WHAT IS EXPECTED: Search the records below for the word "light". Pull out each line that has it.
_____
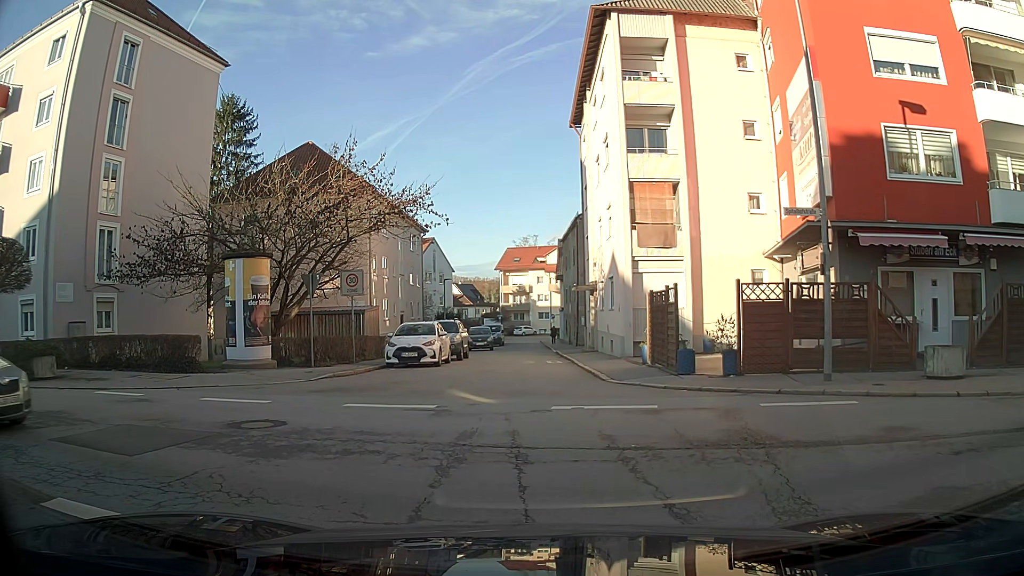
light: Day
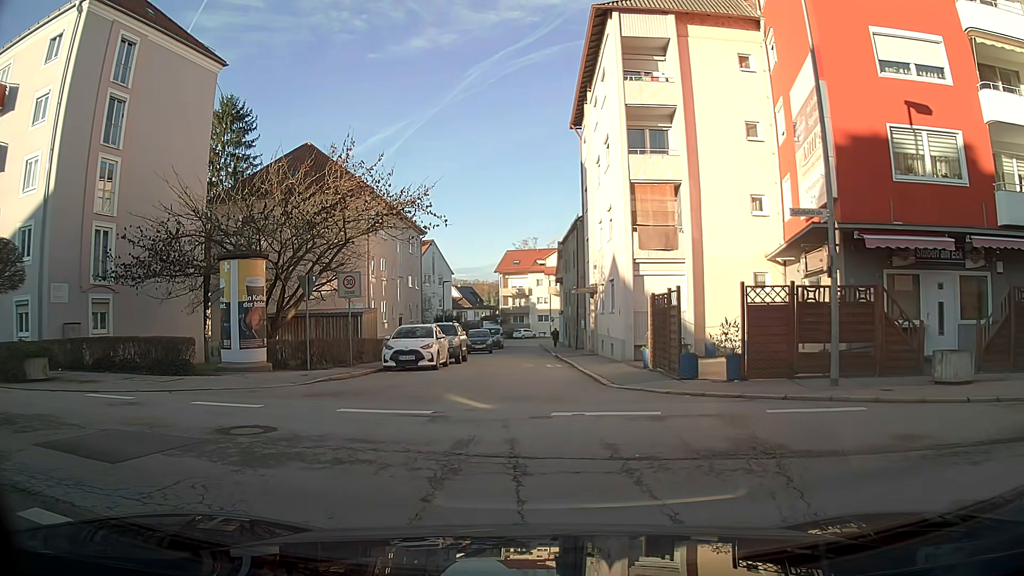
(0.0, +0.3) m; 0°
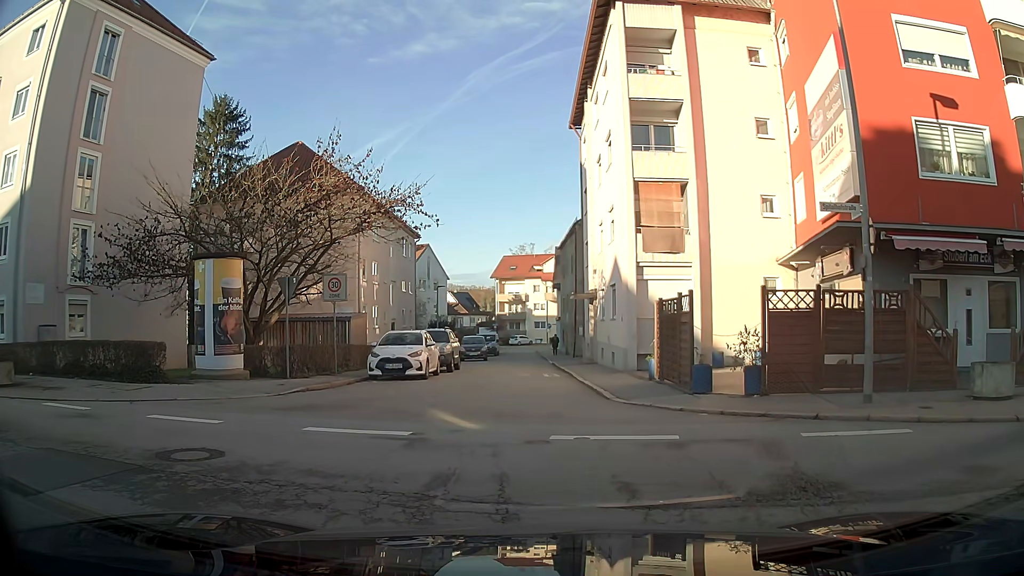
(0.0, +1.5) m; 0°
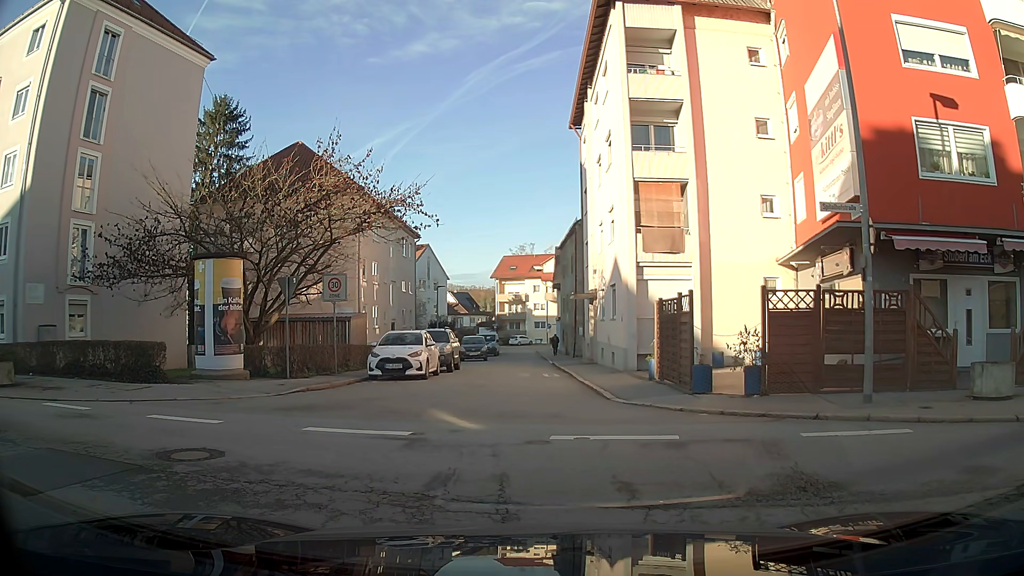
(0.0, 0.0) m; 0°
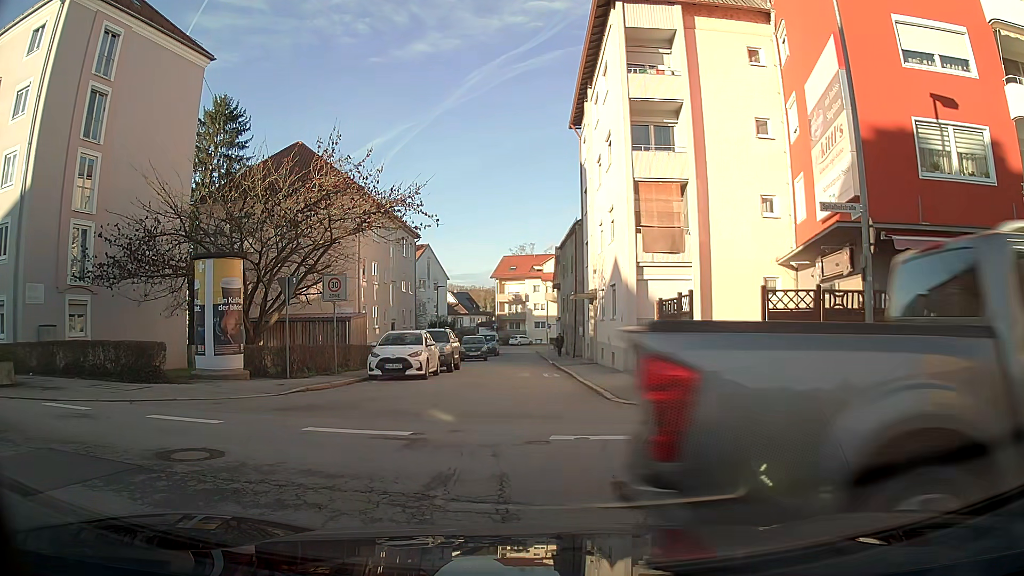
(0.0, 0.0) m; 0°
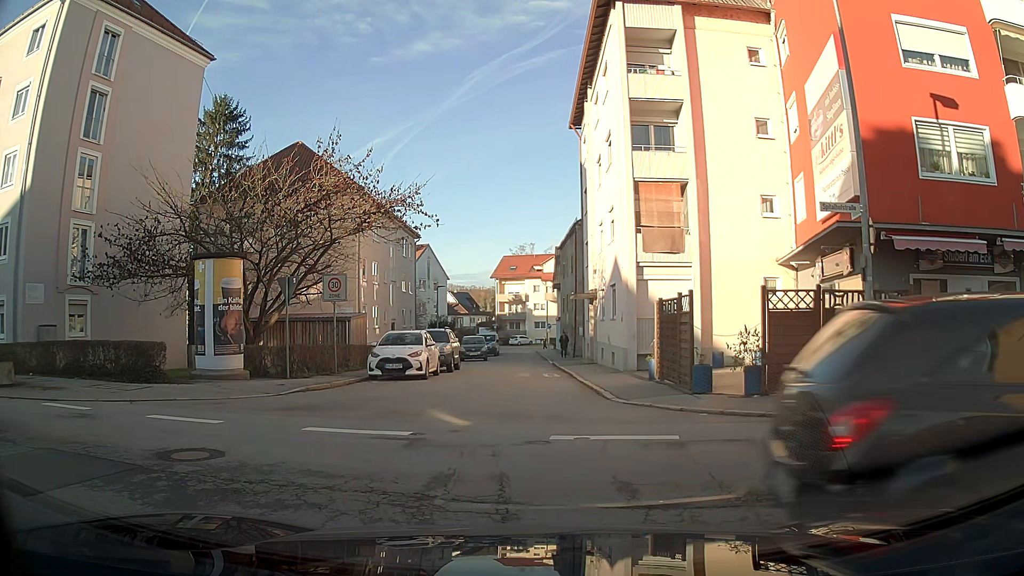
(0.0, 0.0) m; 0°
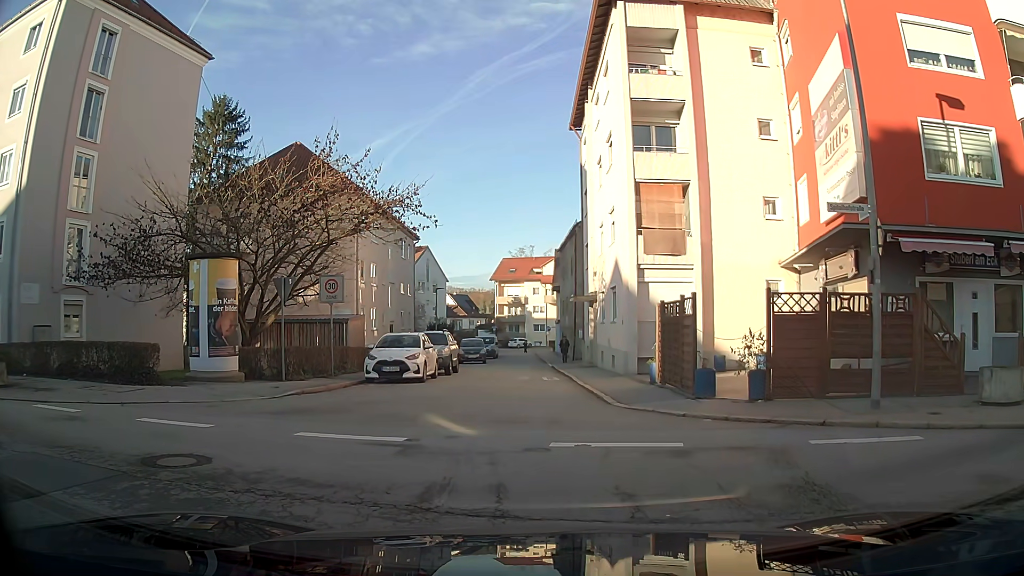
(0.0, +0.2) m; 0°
_____
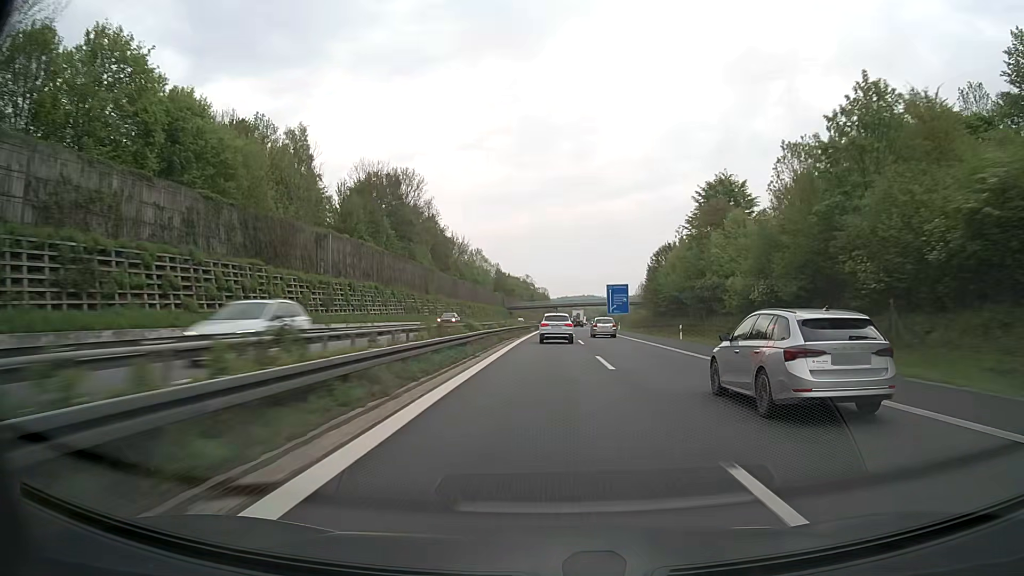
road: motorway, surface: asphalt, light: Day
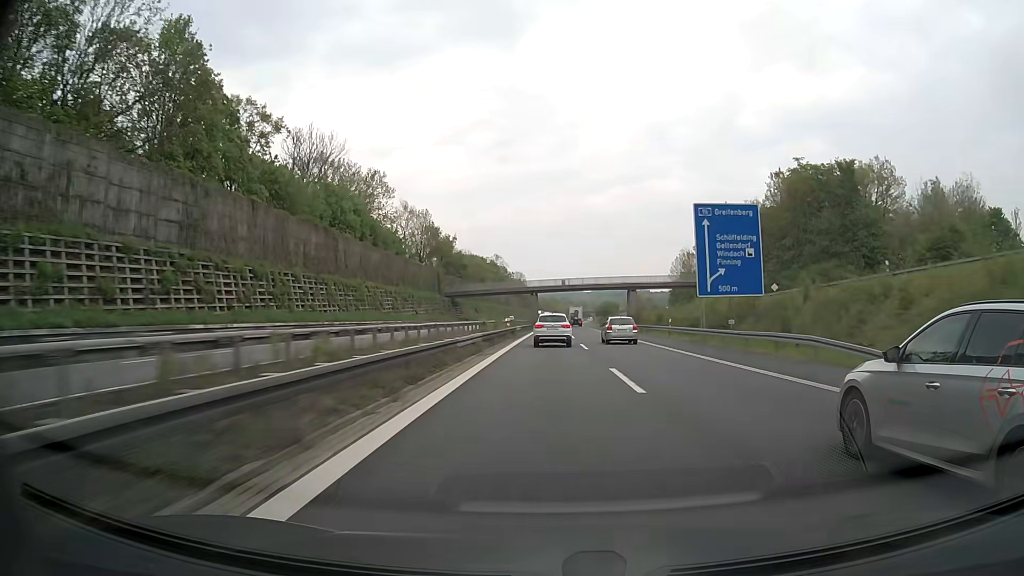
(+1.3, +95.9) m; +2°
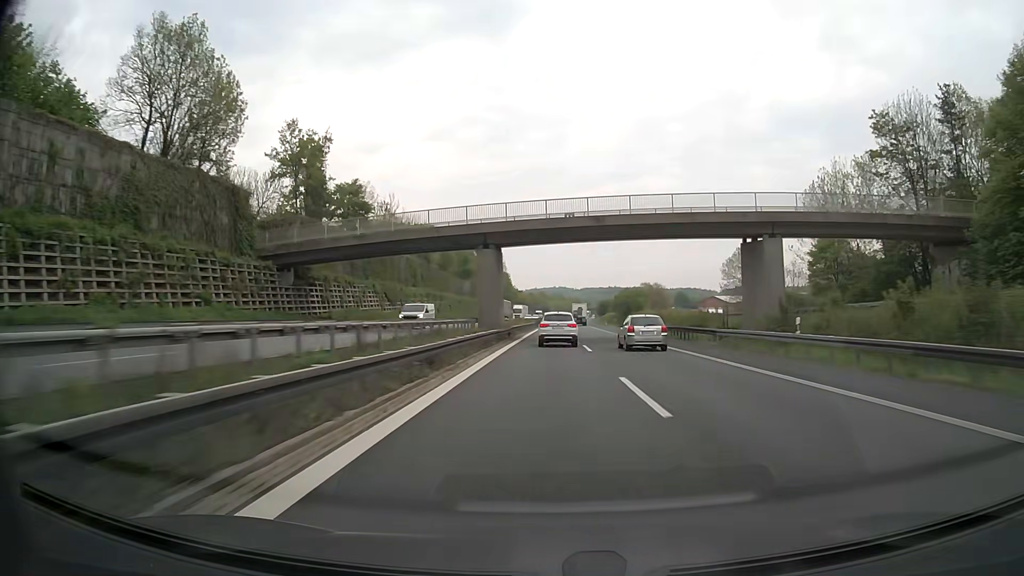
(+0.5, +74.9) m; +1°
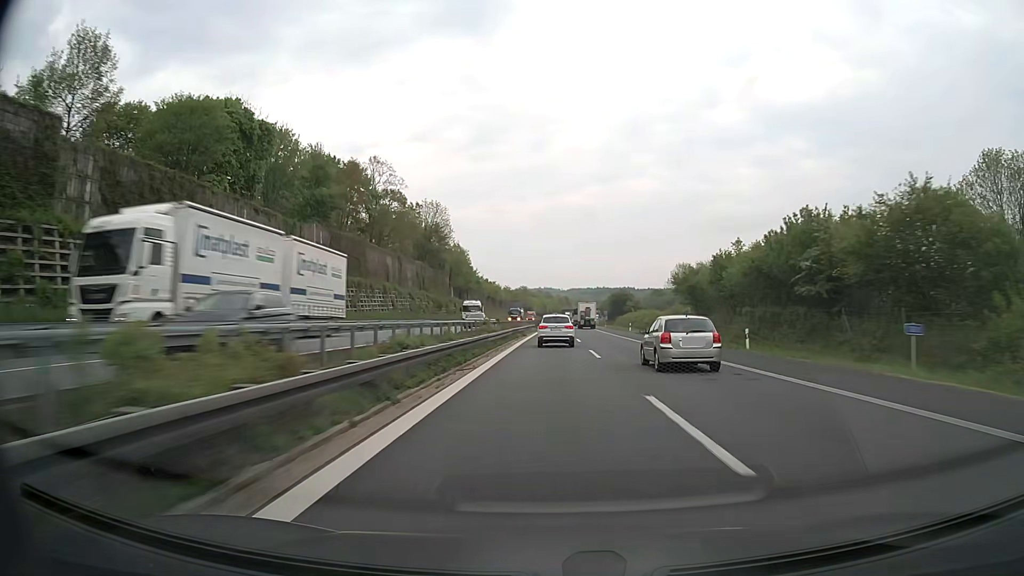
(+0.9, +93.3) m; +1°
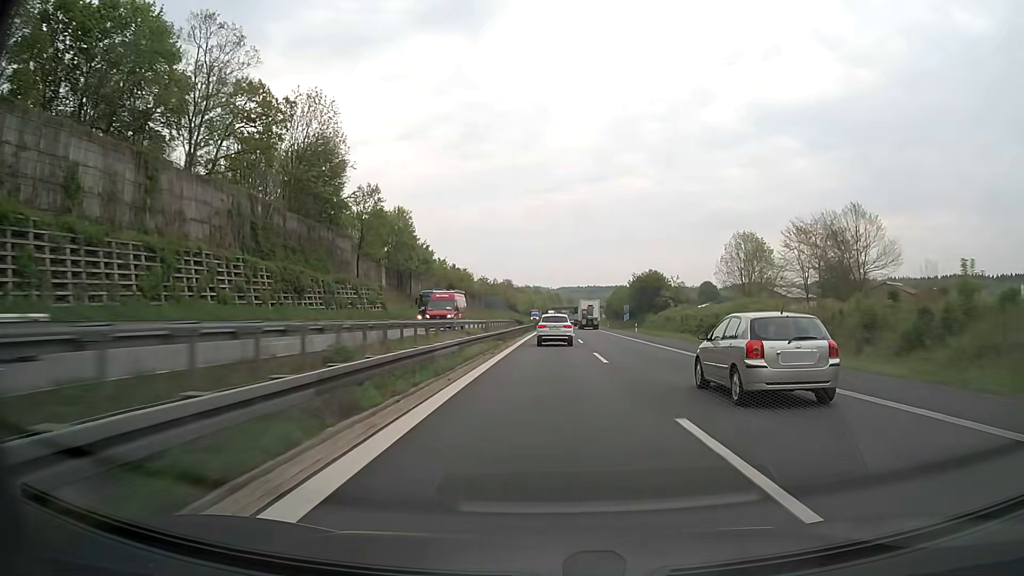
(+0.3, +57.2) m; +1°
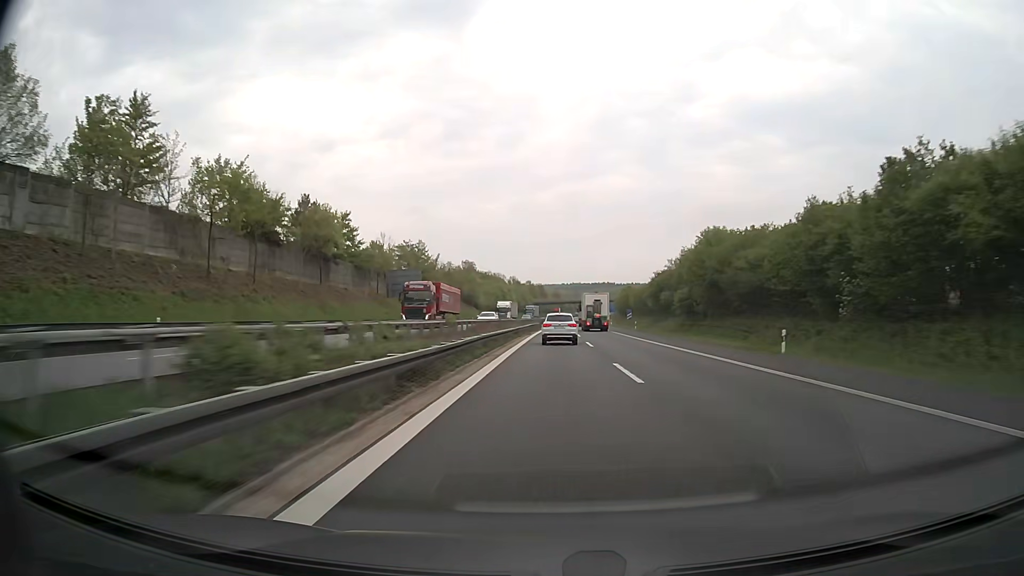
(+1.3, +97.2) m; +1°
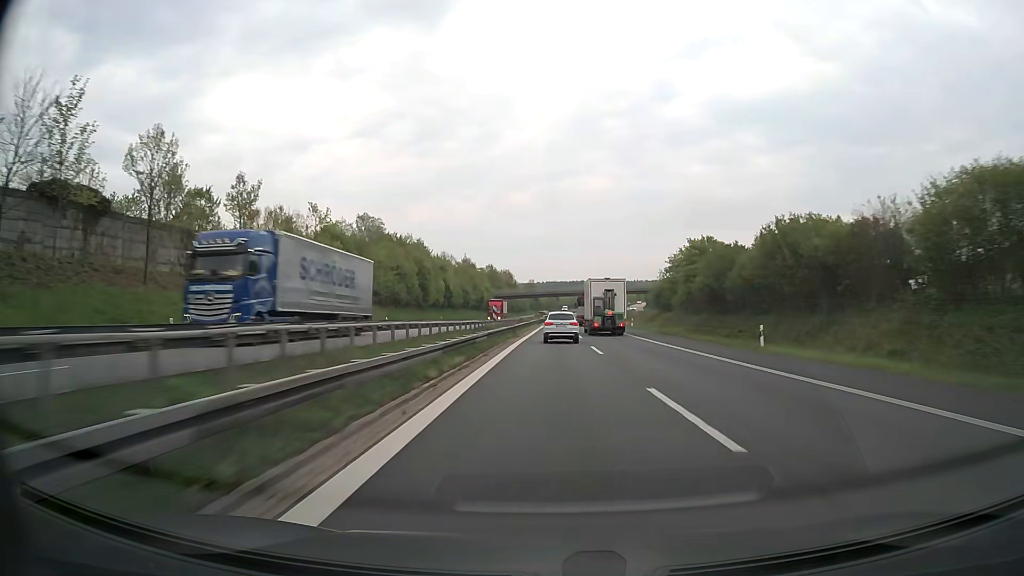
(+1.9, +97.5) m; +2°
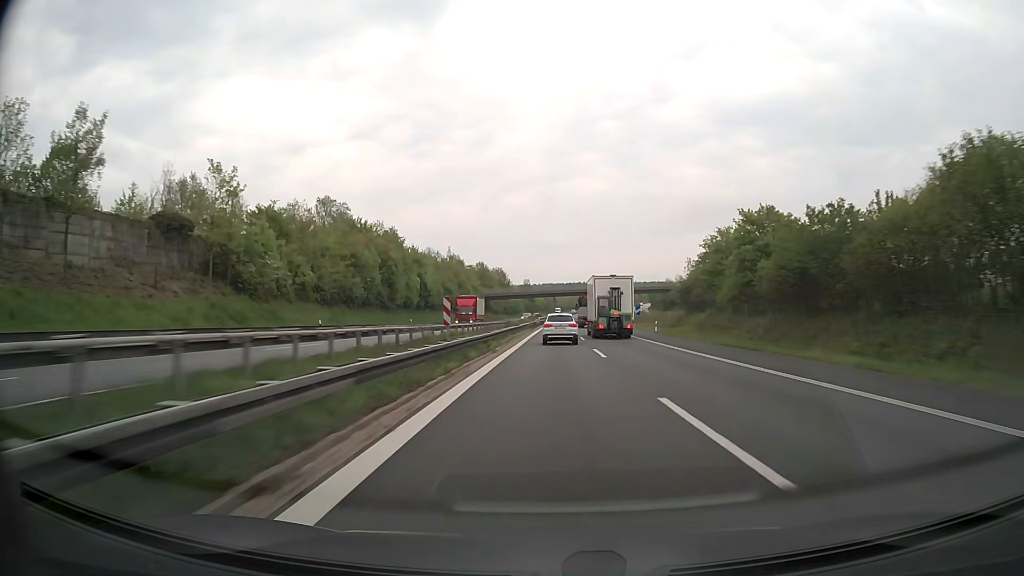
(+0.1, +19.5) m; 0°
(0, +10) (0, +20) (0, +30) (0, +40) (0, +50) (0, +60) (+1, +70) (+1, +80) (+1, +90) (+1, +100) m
_____
THE COMPLETED TASK:
light: Day
road: motorway, surface: asphalt, light: Day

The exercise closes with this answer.